**EXERCISE INSTRUCTIONS**
Across the records that follow, count each line holding "upright", and write only the total.

(DATA IN THIS EXERCISE Opens)

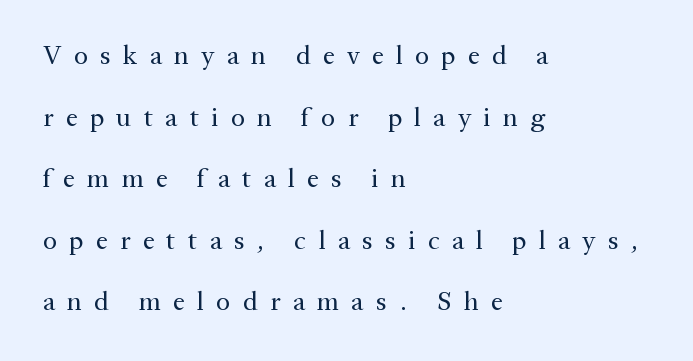
Q: Is the text bold? A: No.
Q: Is the text italic (slanted)? A: No, it is upright.
Q: Is the text underlined? A: No.
Q: How is the paragraph aligned? A: Left-aligned.
Q: Is the spacing between letters normal or unusually wide? A: Unusually wide.
Q: Is the spacing between lines tight, normal or loose? A: Loose.
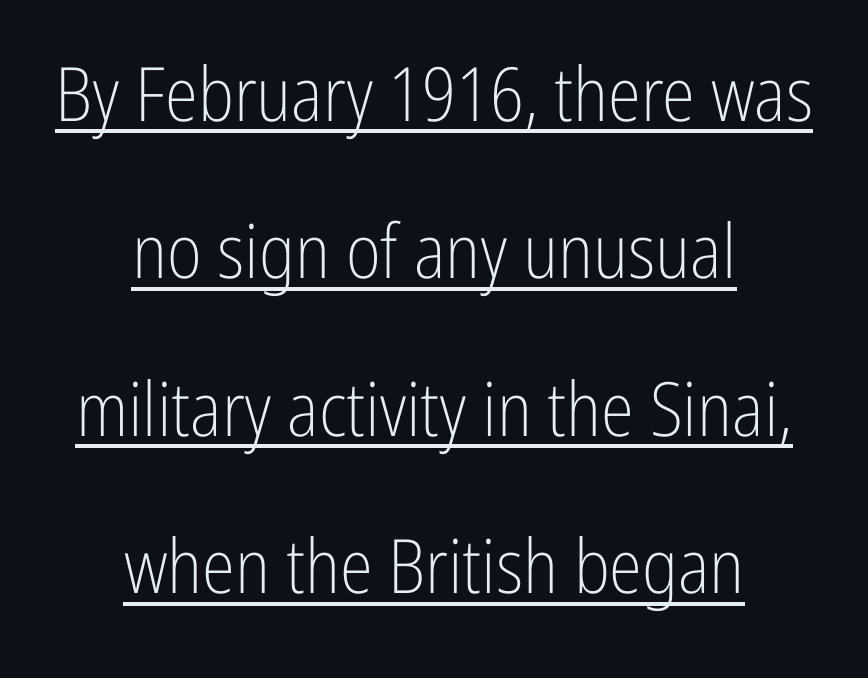
The image shows 75 px light, condensed sans-serif type, upright; set centered, loose line spacing (2.1x), normal letter spacing, underlined; low stroke contrast and a medium x-height.
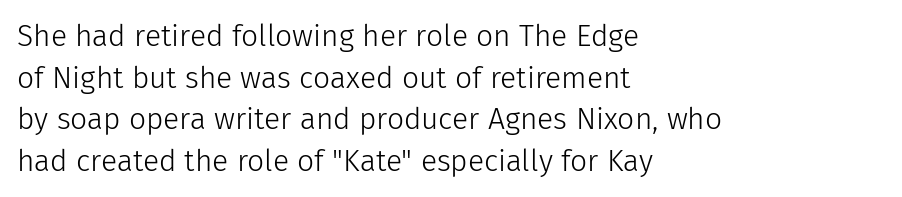
Any mark beneath the type? The region is blank. Characters remain perfectly vertical along every line. These lines are set flush left with a ragged right edge. Each letter keeps its own natural width here, so spacing adapts to shape. To sum up the face: it is a sans, with no serifs. A light-to-regular cut is what we see here.

(DATA IN THIS EXERCISE Closes)

**RESULT OF THIS EXERCISE**
2